If drivers own or lease their own trucks, in theory they can make more money than drivers who are directly employed, because they’re paid by the load and might be able to make a few runs a day.

“One load I could take two hours to finish, or it could take a whole day,” Gonzalez said. “We never know. You never know what time you’re going to get out of the port.”

A driver might also spend hours waiting in line for a load, and the money from the load might not be what you thought. 

“Out of their paycheck will come all of these deductions for fuel, for insurance, for registration taxes, maintenance,” said Nick Weiner, who’s in charge of the Justice for Port Drivers campaign. “All these get deducted out of your paycheck and that’s what you’re left with at the end of the week.”

Trucking companies argue the employee model isn’t sustainable. Several have filed for bankruptcy in recent months, citing legal battles about misclassification as a major factor.

Jonathan Rosenthal, general partner of Saybrook Capital in Los Angeles, said the trucking business is merely emblematic of a larger battle over employee classification.

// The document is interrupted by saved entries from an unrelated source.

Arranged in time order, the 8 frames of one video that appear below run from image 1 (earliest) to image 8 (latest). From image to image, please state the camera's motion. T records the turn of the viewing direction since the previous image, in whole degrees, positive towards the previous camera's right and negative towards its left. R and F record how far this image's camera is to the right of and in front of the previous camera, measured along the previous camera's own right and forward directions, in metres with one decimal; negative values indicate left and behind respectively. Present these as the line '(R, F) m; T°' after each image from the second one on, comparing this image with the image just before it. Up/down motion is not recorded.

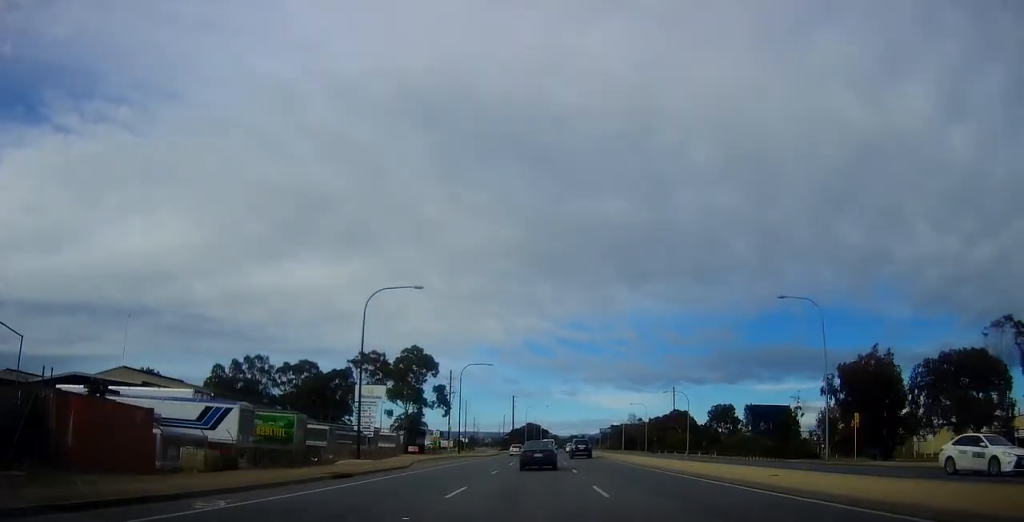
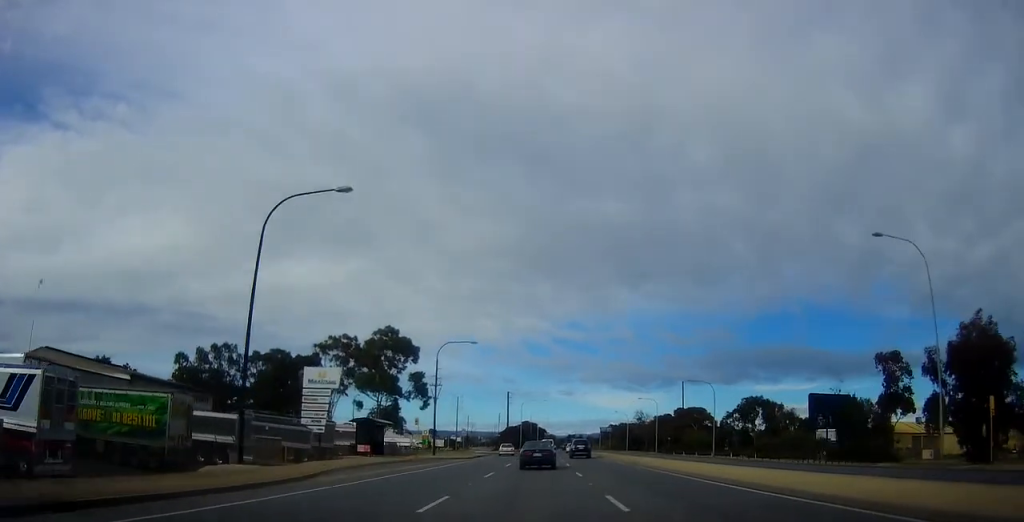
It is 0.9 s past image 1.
(-0.3, +14.9) m; 0°
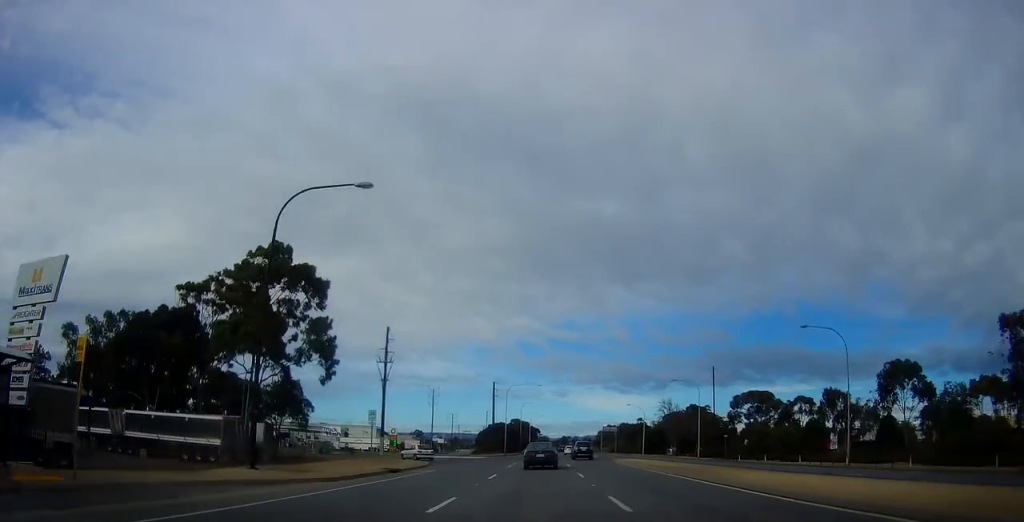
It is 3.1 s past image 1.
(+0.5, +35.1) m; +1°
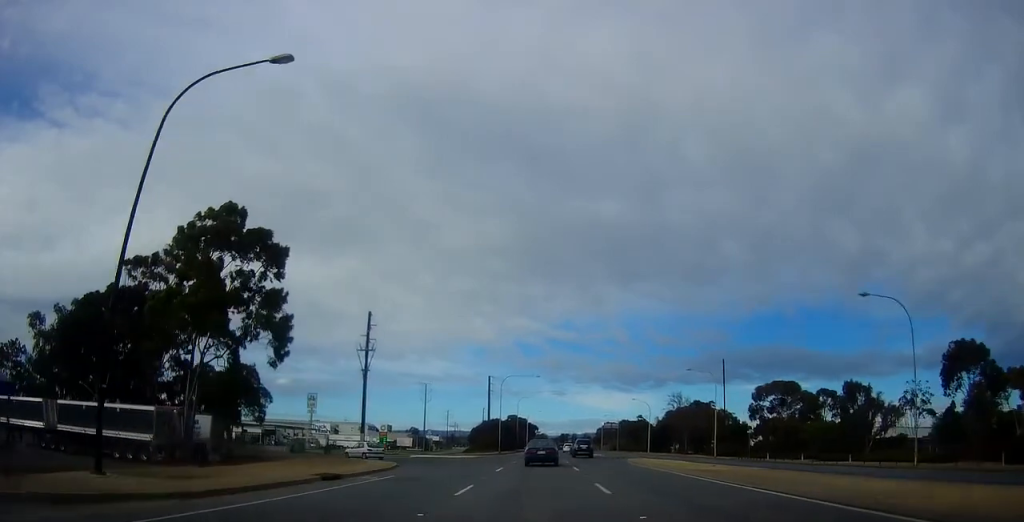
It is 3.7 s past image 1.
(-0.4, +8.5) m; +1°
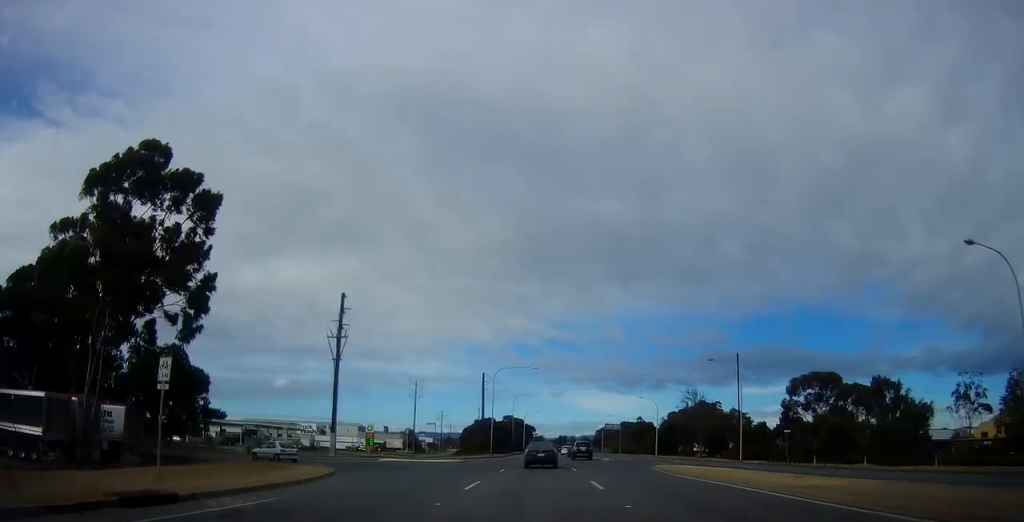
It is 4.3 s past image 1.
(+0.5, +10.2) m; 0°
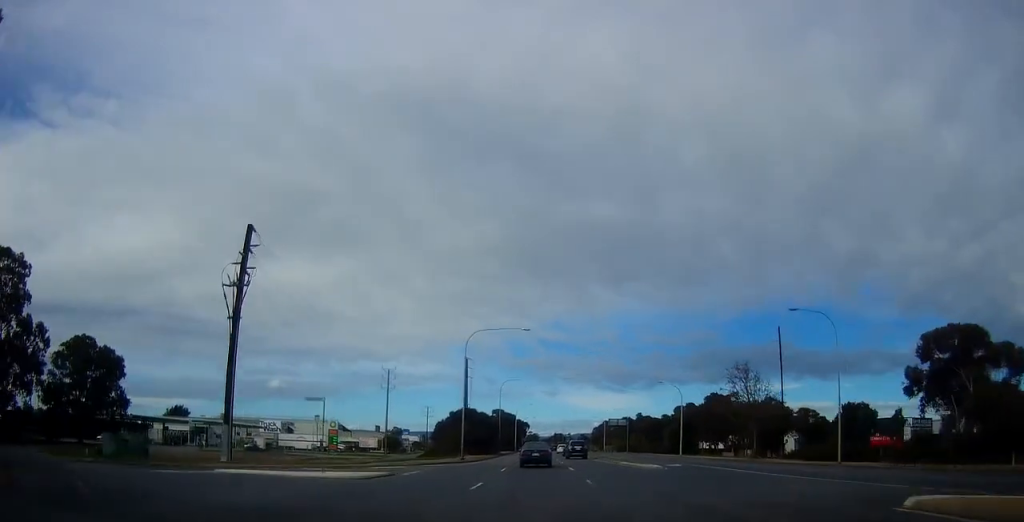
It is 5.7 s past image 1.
(-0.6, +22.3) m; 0°
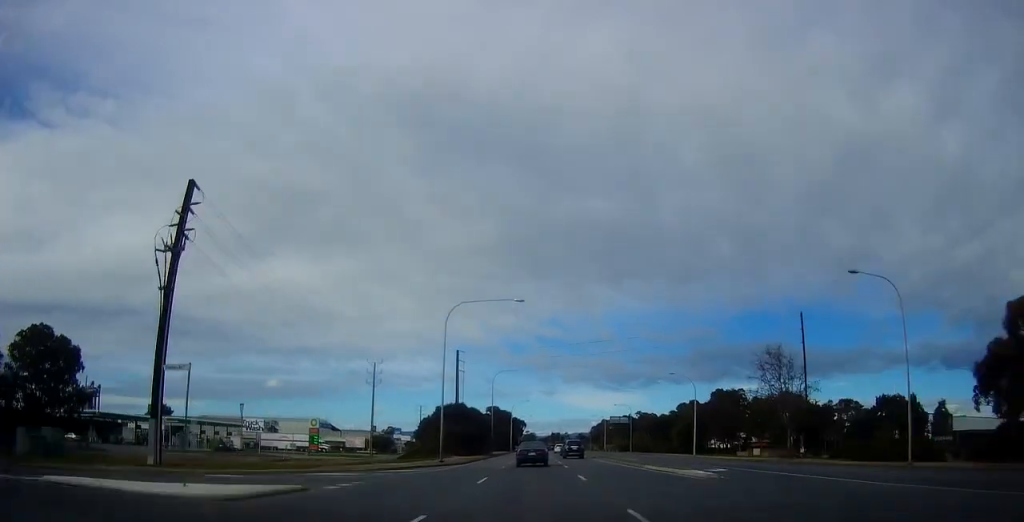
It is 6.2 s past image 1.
(+0.5, +9.3) m; 0°
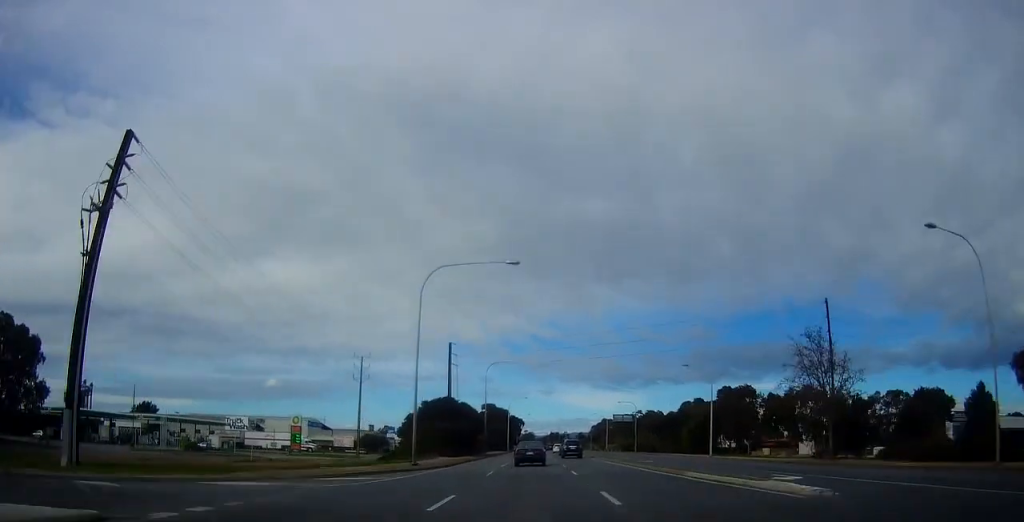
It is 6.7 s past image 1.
(+0.5, +8.2) m; 0°

“There are a number of industries that are being attacked for the independent contractor model, including everything from nursing to beauty parlors. The Ubers of the world,” he said.

Rosenthal said the two models can’t work together in the trucking business. Truck drivers either have to be all independent contractors or all employees. And if the California Labor Commission has anything to say about it, it’ll likely be the latter.